Here’s something worth pausing on. Living in the UAE comes with a quiet privilege many women never stop to appreciate: you don’t have to worry about paying for your healthcare — by law your employer covers it — and you have one of the most advanced medical systems in the world on your doorstep, with world-class hospitals and specialists. The hard part that follows you everywhere else — “can I afford to get this checked?” — simply isn’t the question here.

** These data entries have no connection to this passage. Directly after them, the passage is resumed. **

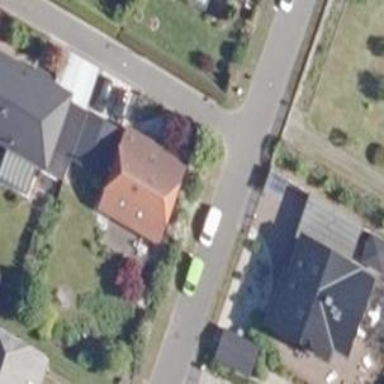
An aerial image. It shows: Residential road with no sidewalk.
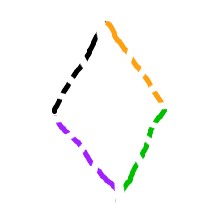
Shape: rhombus
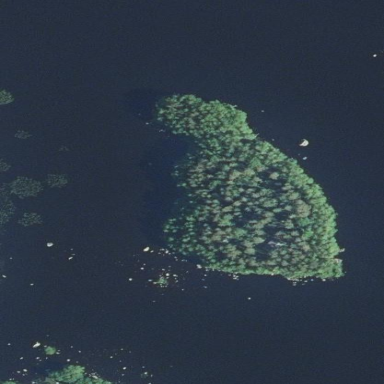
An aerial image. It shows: Islet.
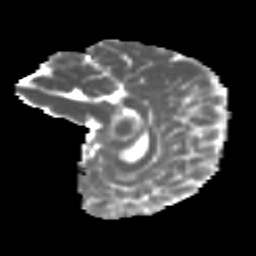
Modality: MD
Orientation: sagittal
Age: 12
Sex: female
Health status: ill
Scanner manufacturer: ge
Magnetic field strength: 3 T
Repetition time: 6.752 s
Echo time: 0.079 s
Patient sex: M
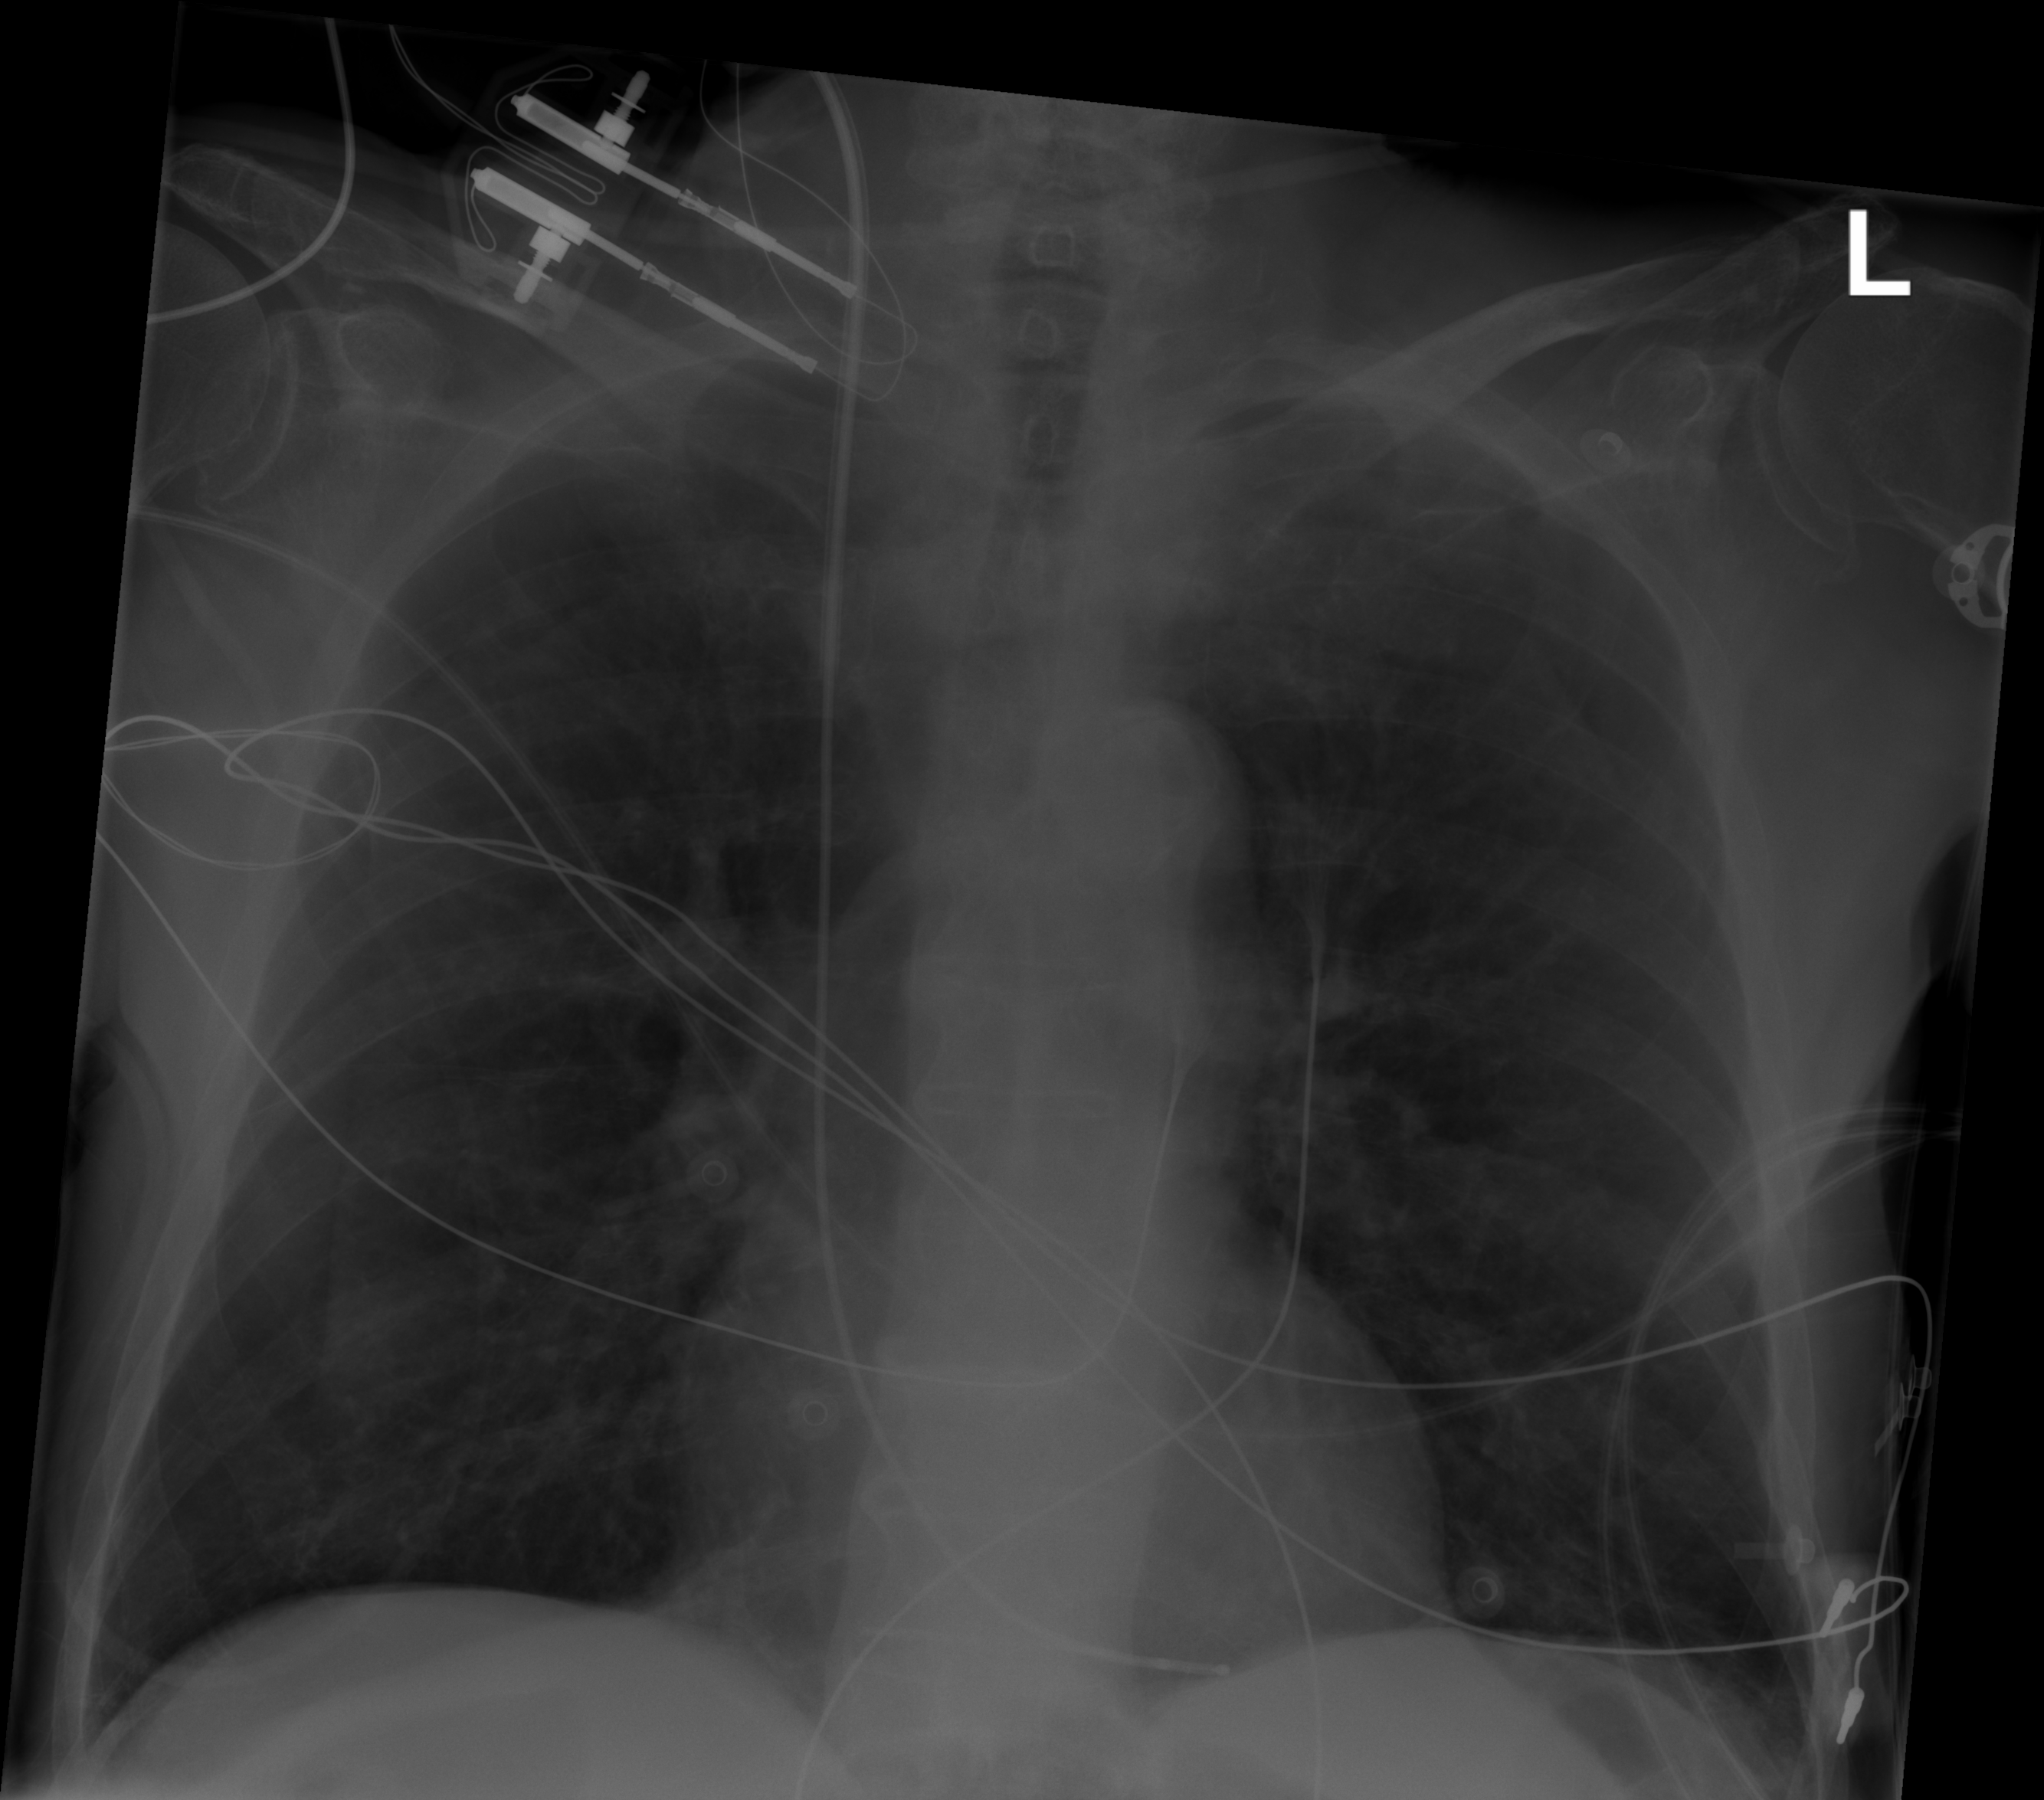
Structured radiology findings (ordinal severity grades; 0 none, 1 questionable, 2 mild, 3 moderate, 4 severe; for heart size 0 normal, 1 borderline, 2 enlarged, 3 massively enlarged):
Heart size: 0
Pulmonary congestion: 1
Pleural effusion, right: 0
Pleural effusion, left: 0
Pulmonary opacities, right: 0
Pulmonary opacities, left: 0
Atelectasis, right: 0
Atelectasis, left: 2
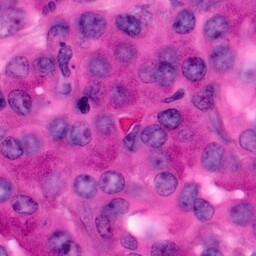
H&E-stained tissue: Pancreatic
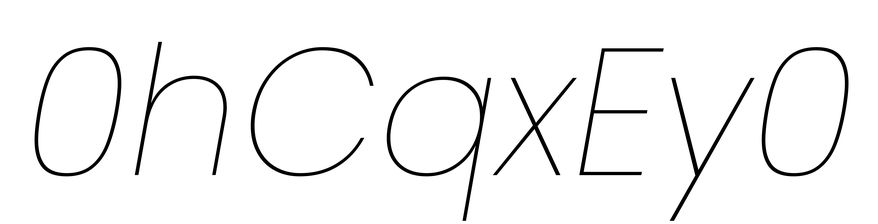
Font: Poppins-ThinItalic
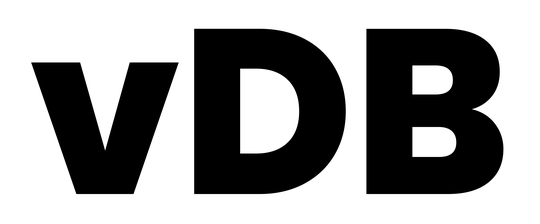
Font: Poppins-ExtraBold
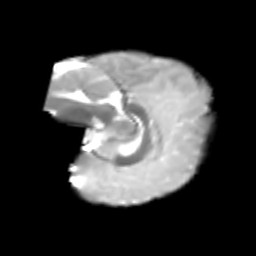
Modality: T2w
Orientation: sagittal
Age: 7
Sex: male
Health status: healthy
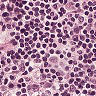
Metastatic tissue present: no
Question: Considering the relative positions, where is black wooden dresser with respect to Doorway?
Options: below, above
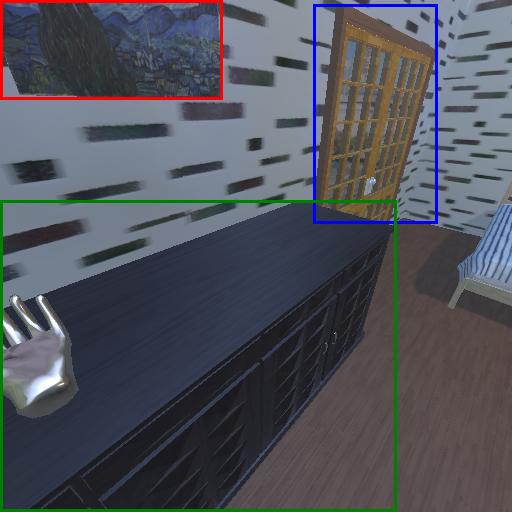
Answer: below
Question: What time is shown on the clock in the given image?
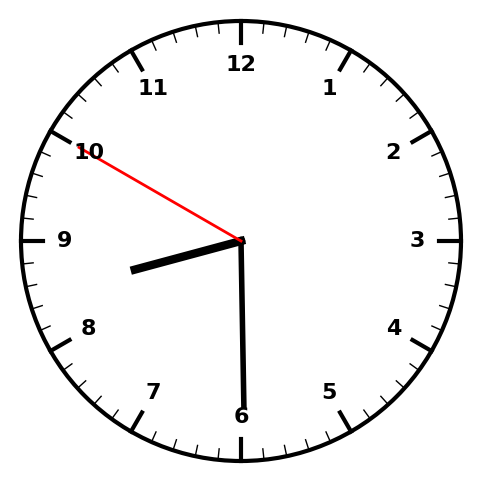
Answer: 08:29:50
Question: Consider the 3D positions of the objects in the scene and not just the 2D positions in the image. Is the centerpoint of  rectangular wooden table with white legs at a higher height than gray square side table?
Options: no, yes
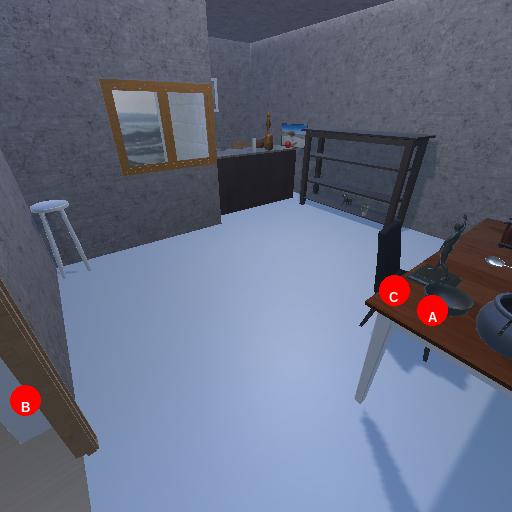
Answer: no
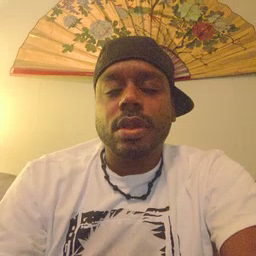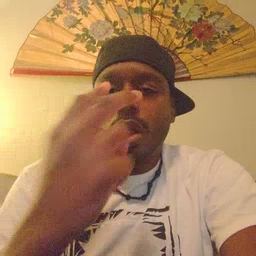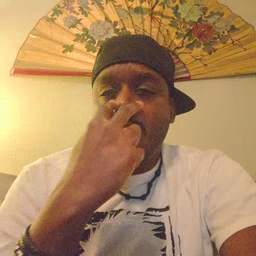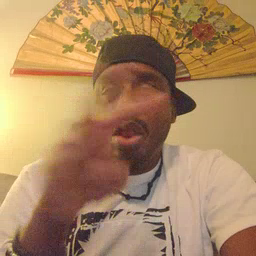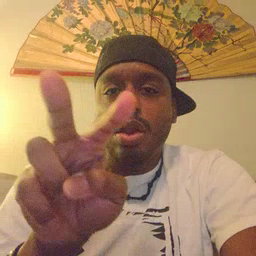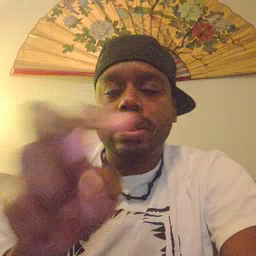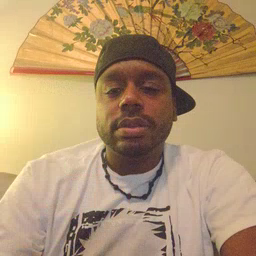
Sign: look
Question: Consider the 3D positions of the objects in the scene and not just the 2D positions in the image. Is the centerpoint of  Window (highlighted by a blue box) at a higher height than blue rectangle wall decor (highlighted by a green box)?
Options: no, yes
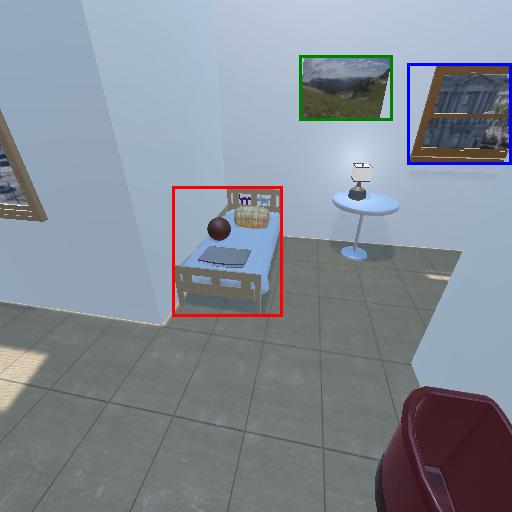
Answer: no
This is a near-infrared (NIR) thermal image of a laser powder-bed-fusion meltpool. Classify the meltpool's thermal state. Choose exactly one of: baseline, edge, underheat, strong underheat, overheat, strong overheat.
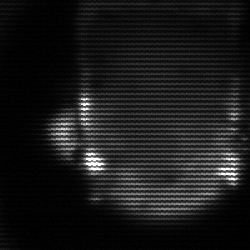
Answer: baseline
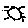
Label: sun
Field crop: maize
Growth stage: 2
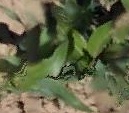
Species: maize
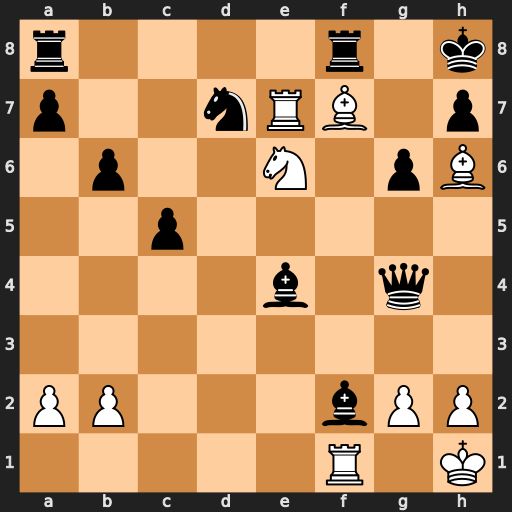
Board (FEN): r4r1k/p2nRB1p/1p2N1pB/2p5/4b1q1/8/PP3bPP/5R1K
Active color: w
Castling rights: -
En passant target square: -
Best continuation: Bg7#
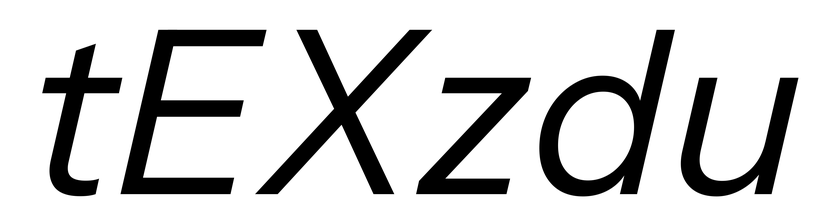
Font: InstrumentSans-Italic_Italic
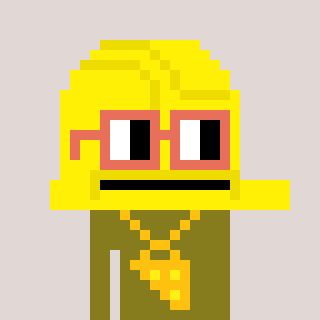
a pixel art character with square orange glasses, a construction helmet-shaped head and a gunk-colored body on a warm background
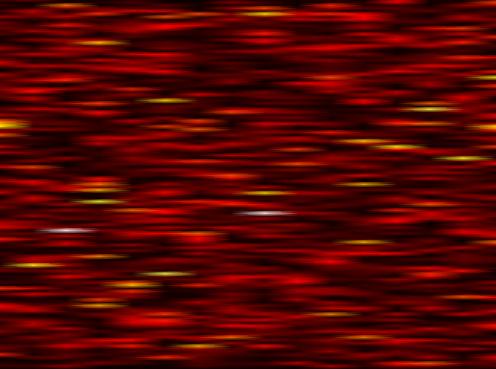
Label: OFDM
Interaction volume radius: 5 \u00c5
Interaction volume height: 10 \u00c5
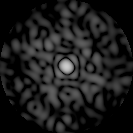
Disorder parameter: 0.7421
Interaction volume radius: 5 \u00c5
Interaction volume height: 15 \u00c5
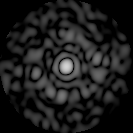
Disorder parameter: 0.8623
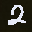
Label: 2
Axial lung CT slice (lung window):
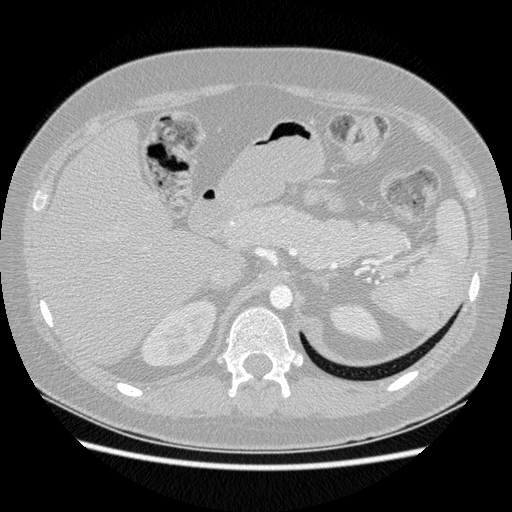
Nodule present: no
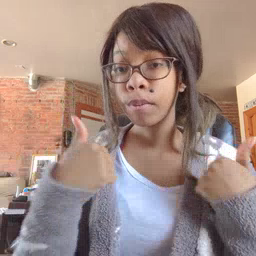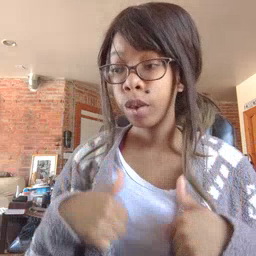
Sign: bath
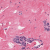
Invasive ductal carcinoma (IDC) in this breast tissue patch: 0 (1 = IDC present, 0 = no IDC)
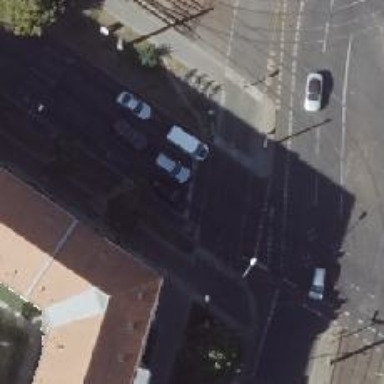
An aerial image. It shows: Road with traffic signals.
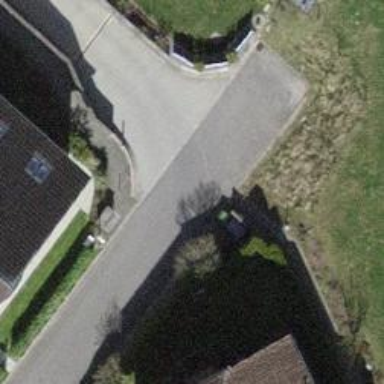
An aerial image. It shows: Set of steps on the road.
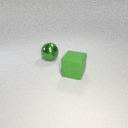
large green metal sphere behind large green rubber cube
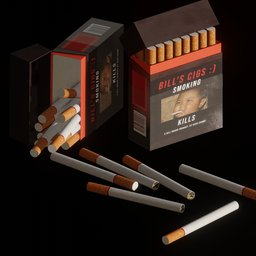
Label: tools

So once that’s handled, the question changes from “how do I cope?” to “how do I actually thrive?” This is the moment to invest in the one thing that’s truly yours — your body, your energy, your wellbeing. Bringing in a health coach isn’t an indulgence; it’s the care you’ve probably been putting last while looking after everyone else.
This guide focuses on the everyday wellness side — the things that decide how you actually feel day to day. It’s educational and sits alongside your medical care, never in place of it; for medical questions, always see a licensed doctor. For the official admin (insurance, screening, emergencies), there’s a quick where-to-find-help section at the end.
On this page
Energy & fatigueHormonal healthGut & eatingSleep & stressWeight & metabolismVitamin D & heatRamadanMenopauseFree ways to stay activeFree communitiesOfficial helpFAQs
Why feeling well in the UAE is its own thing
Your body notices the move before you do. Life here is largely indoors and air-conditioned, the heat changes how you eat, drink and sleep, work culture runs long, and for many of us family is far away. None of that is a problem to fix overnight — but it does mean the wellness advice written for London or Sydney doesn’t quite fit. A few patterns show up again and again:
The good news: almost everything below is workable with daily habits — the exact thing a health coach helps you build and keep.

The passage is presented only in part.